I am using Redhat Linux, and the default Python version is 2.6, so I installed Python 2.7.4 on /user/local/bin folder and modified the shell profile, so when I do:
$which python
/usr/local/bin/python
which is good.
Since I don't have super user permission of the box so I tried to install the Python libraries to a folder that I have write permission. So this is the structure of my libraries:
I created a folder called
/share/python
And under that folder, I created another folder called library where I put all the python library source folders. Say I want to install the pyes (Python Elastic Search) package. I first downloaded the source_folder, tar unzip and cd into the folder. Then I did
python setup.py install --prefix=/share/python
Then the installation finished successfully(I have done this before) and created two library folders under
/share/python/lib/python2.7/site-packages/
And they are
urllib3-1.6-py2.7.egg
pyes-0.20.1-py2.7.egg
And when I open Python.
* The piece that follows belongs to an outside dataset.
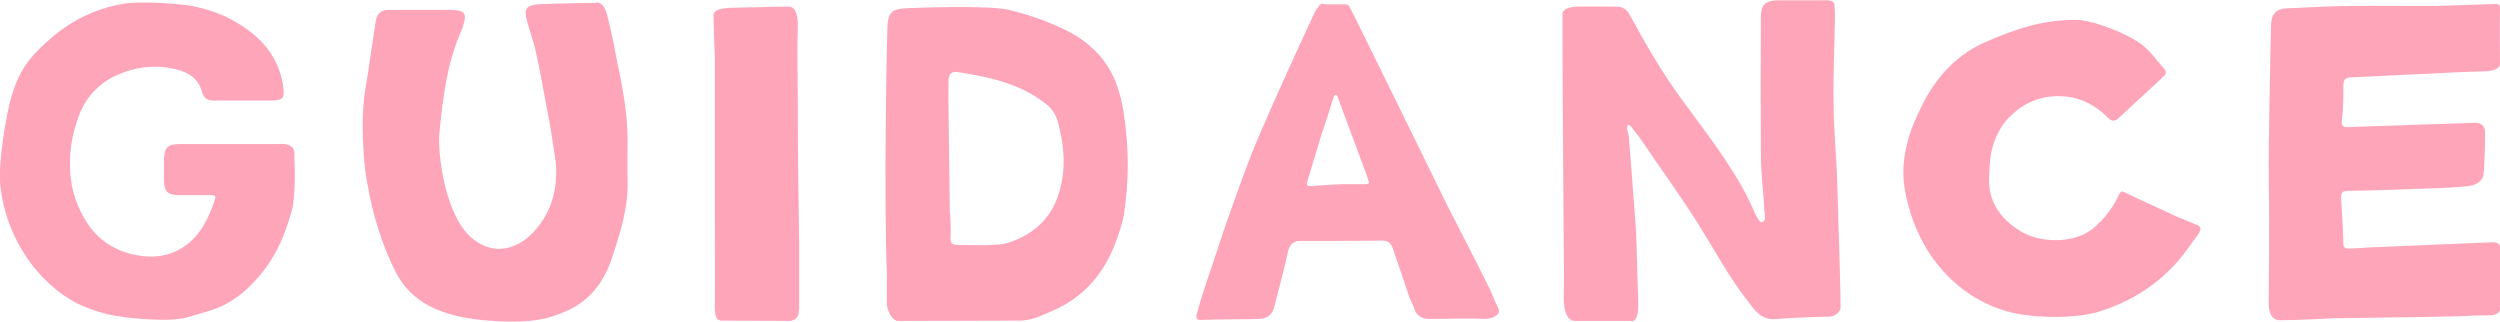 <?xml version="1.0" encoding="UTF-8"?><svg id="_レイヤー_2" xmlns="http://www.w3.org/2000/svg" viewBox="0 0 75.33 9.69"><g id="_レイヤー_2-2"><path d="M3.67.12c.56-.1,1.57-.01,2,.04.77.13,1.41.41,2,.9.48.41.76.91.86,1.51.04.34.06.46-.38.46h-1.64c-.22.01-.36-.03-.43-.28-.11-.38-.39-.57-.77-.66-.7-.17-1.37-.06-2,.28-.46.27-.78.67-.95,1.16-.17.48-.27.98-.25,1.5.01.66.21,1.25.57,1.77.29.41.7.69,1.21.84.57.15,1.13.13,1.61-.18.5-.31.78-.85.97-1.43.04-.14,0-.15-.12-.15h-.98c-.32-.01-.42-.11-.43-.43v-.63c.01-.38.11-.48.5-.48h2.93c.07,0,.14-.01.21,0,.2.04.31.11.29.34,0,.14.06,1.18-.08,1.68-.27.94-.6,1.6-1.23,2.23-.35.36-.78.64-1.27.78-.29.08-.6.2-.91.24-.45.07-1.57-.01-2.13-.14-.74-.18-1.25-.45-1.74-.9C.97,8.09.18,7.09.01,5.61c-.08-.76.21-2.27.32-2.65.15-.55.39-1.02.8-1.43C1.78.87,2.55.33,3.67.12Z" style="fill:#ffa5b9; stroke-width:0px;"/><path d="M17.97.07c.22,0,.31.29.34.45.1.38.18.77.25,1.16.17.81.34,1.62.35,2.47,0,.08-.01,1.2,0,1.26.03.81-.21,1.58-.46,2.33-.22.7-.64,1.29-1.33,1.61-.29.13-.62.25-.94.29-.59.1-1.57.03-2-.04-.95-.15-1.77-.49-2.24-1.37-.22-.43-.41-.9-.55-1.36-.14-.43-.24-.88-.32-1.33-.14-.7-.18-1.9-.1-2.58.04-.34.11-.66.15-.98.07-.45.13-.9.2-1.33.03-.2.13-.34.35-.35h1.93c.41.01.48.1.35.49-.01.07-.06.14-.08.21-.41.95-.53,1.99-.63,3.01-.06.63.18,2.59,1.05,3.22.69.52,1.47.25,2-.5.43-.6.55-1.34.42-2.09-.07-.48-.14-.94-.24-1.41-.1-.55-.2-1.11-.32-1.65-.07-.34-.2-.66-.28-.99-.08-.32-.01-.42.32-.46.04-.01,1.18-.04,1.78-.04Z" style="fill:#ffa5b9; stroke-width:0px;"/><path d="M24.07,9.35c.01.13-.06.32-.28.32-.73,0-1.32-.01-2.04-.01-.22.01-.21-.28-.21-.49.01-.9,0-1.81,0-2.7V1.74c0-.07-.04-.92-.04-1.29,0-.22.52-.22.74-.22.14,0,1.12-.03,1.53-.03.25.01.27.36.27.6-.03,1.02.01,2.02,0,3.03,0,1.16.03,2.31.04,3.46v2.06Z" style="fill:#ffa5b9; stroke-width:0px;"/><path d="M26.73,8.41c-.11-2.47,0-7.51.01-7.63.03-.41.14-.5.53-.53.22-.01,2.44-.1,3.1.04.56.13,1.11.32,1.62.56.85.38,1.49,1.02,1.74,1.96.07.22.1.41.14.67.15,1.01.15,1.93,0,2.96-.04.25-.1.42-.17.63-.35,1.09-1.01,1.91-2.09,2.34-.27.11-.42.22-.84.25-1.27,0-2.42.01-3.71.01-.2-.01-.34-.34-.34-.55,0-.18.01-.53,0-.71ZM28.63,6.42s.03.5.01.76c0,.15.06.2.21.2.14-.01,1.18.06,1.54-.07.63-.2,1.13-.59,1.4-1.18.36-.81.31-1.67.07-2.51-.06-.18-.17-.35-.31-.46-.78-.64-1.74-.84-2.7-.99-.24-.03-.28.13-.27.38,0,.22-.01.41,0,.64l.04,3.24Z" style="fill:#ffa5b9; stroke-width:0px;"/><path d="M39.9.13h.63c.07,0,.13.04.15.11.18.34.35.7.52,1.04.81,1.65,1.62,3.29,2.42,4.93.41.8.83,1.61,1.23,2.42.11.21.18.43.29.64.12.25-.22.34-.41.34-.56-.03-1.11,0-1.67,0-.2,0-.35-.08-.43-.27-.04-.13-.1-.24-.15-.35l-.5-1.47c-.06-.18-.13-.27-.34-.27-.83.01-1.65.01-2.47.01q-.27,0-.35.28c-.12.55-.27,1.11-.41,1.65-.06.28-.2.41-.48.42-.1.01-1.26.01-1.75.03-.1,0-.13-.01-.13-.13.03-.15.22-.76.28-.94.22-.63.42-1.27.64-1.9.32-.9.62-1.78.99-2.63.53-1.23,1.09-2.45,1.65-3.66.03-.08.1-.14.14-.21.03-.03.06-.06.11-.06ZM40.42,5.55h.73c.08,0,.14-.03.08-.11-.01-.06-.03-.1-.04-.14l-.87-2.34s-.04-.11-.08-.1c-.04,0-.06.07-.07.11-.11.36-.22.71-.35,1.08l-.42,1.39c-.03.08-.04.18.1.17.31-.03.91-.06.92-.06Z" style="fill:#ffa5b9; stroke-width:0px;"/><path d="M49.16,9.67h-1.7c-.27,0-.34-.38-.34-.66.01-.49.01-.98,0-1.47,0-.11-.04-4.8-.04-7.1,0-.2.27-.22.39-.24.42-.01.83,0,1.23,0,.2,0,.32.08.42.27.48.88.98,1.75,1.58,2.56.69.95,1.44,1.89,1.98,2.96.14.27.31.78.43.7.11-.06.07-.2.06-.28-.03-.59-.11-1.16-.11-1.75-.01-1.39-.01-2.77,0-4.16,0-.35.13-.48.49-.49h1.39c.21-.01.34.01.34.17.01.15.01.21.01.36-.01.9-.06,1.69-.04,2.59,0,.7.07,1.4.1,2.09.03.76.04,1.51.07,2.26,0,.11.04,1.27.04,1.79,0,.11-.14.25-.31.27-.53.01-1.07.03-1.6.07-.31.04-.52-.08-.71-.31l-.17-.22c-.56-.71-.98-1.5-1.46-2.27-.56-.9-1.19-1.75-1.78-2.63l-.27-.35s-.06-.08-.1-.07c-.03.01-.03.08-.03.13.03.11.06.24.06.36.07.88.14,1.75.2,2.62.04.7.04,1.4.07,2.1.01.27.03.71-.21.71Z" style="fill:#ffa5b9; stroke-width:0px;"/><path d="M62.75.62c.38.03,1.33.38,1.77.71.24.18.42.43.62.66.17.18.17.22-.03.39-.41.39-.84.77-1.25,1.16-.14.13-.22.13-.35,0-.35-.35-.78-.59-1.27-.63-.69-.07-1.29.17-1.77.7-.35.41-.49.88-.52,1.4-.01.28-.04.56.03.83.13.5.48.88.91,1.13.55.34,1.6.41,2.21-.11.32-.28.56-.6.74-.97.06-.14.1-.14.21-.08.49.24,1,.46,1.5.7l.7.29c.08.06.06.14,0,.24-.15.21-.31.43-.46.63-.66.84-1.51,1.39-2.51,1.71-.73.24-2.04.2-2.7.03-.86-.22-1.58-.7-2.14-1.37-.46-.55-.77-1.2-.95-1.9-.17-.63-.2-1.16,0-1.91.08-.31.21-.6.35-.9.46-.99,1.12-1.72,2.12-2.12.64-.27,1.61-.67,2.8-.6Z" style="fill:#ffa5b9; stroke-width:0px;"/><path d="M75.33,7.43v1.89c0,.11-.13.17-.27.18-.34,0-.64.01-.98.03-1.26.03-2.54.04-3.81.06-.08.01-1.12.06-1.57.06-.28-.01-.34-.27-.34-.52.01-.35,0-.69.01-1.04,0-.24.01-1.71,0-2.21-.01-.07-.01-1.67,0-1.74.01-1.12.04-2.25.06-3.39.01-.32.15-.49.49-.5.6-.03,1.2-.06,1.81-.07.9-.01,1.79,0,2.68,0l1.79-.06c.1,0,.13.03.13.13-.01.59,0,1.09,0,1.68-.01.14-.21.21-.43.22-.58.01-1.13.04-1.7.07-.79.03-1.57.08-2.35.11-.2.01-.24.07-.24.27,0,.34,0,.67-.04.99-.03.2.01.25.2.24.67-.03,1.34-.04,2-.07l1.82-.06c.18,0,.29.11.29.27,0,.41-.01.81-.04,1.22-.01.29-.24.39-.48.42-.41.04-.81.06-1.22.07-.8.03-1.6.06-2.39.07-.17,0-.21.06-.21.21.03.46.06.92.07,1.39,0,.11.06.14.15.14.15-.01.39-.01.52-.03.84-.03,1.56-.07,2.4-.1l1.41-.06c.13,0,.22.03.24.13Z" style="fill:#ffa5b9; stroke-width:0px;"/></g></svg>

Print out sys.path to double check my customized library path has been included. This is what it said:
>>import sys
>>print sys.path
['','/usr/local/lib/python2.7/site-packages/...'..., '/share/python/lib/python2.7/site-packages']
And I am pretty sure python knows where to find the pyes and urllib3(installed as dependency). however, I still cannot load the library and the error looks like this:
>>> from pyes import *
Traceback (most recent call last):
File "<stdin>", line 1, in <module>
ImportError: No module named pyes
>>> import urllib3
Traceback (most recent call last):
File "<stdin>", line 1, in <module>
ImportError: No module named urllib3
Any idea why would this happen?
Updated: You need to add those new egg folders into your path and it will work: Still not quite sure why python setup.py install created two eggs folder but don't add them to the path.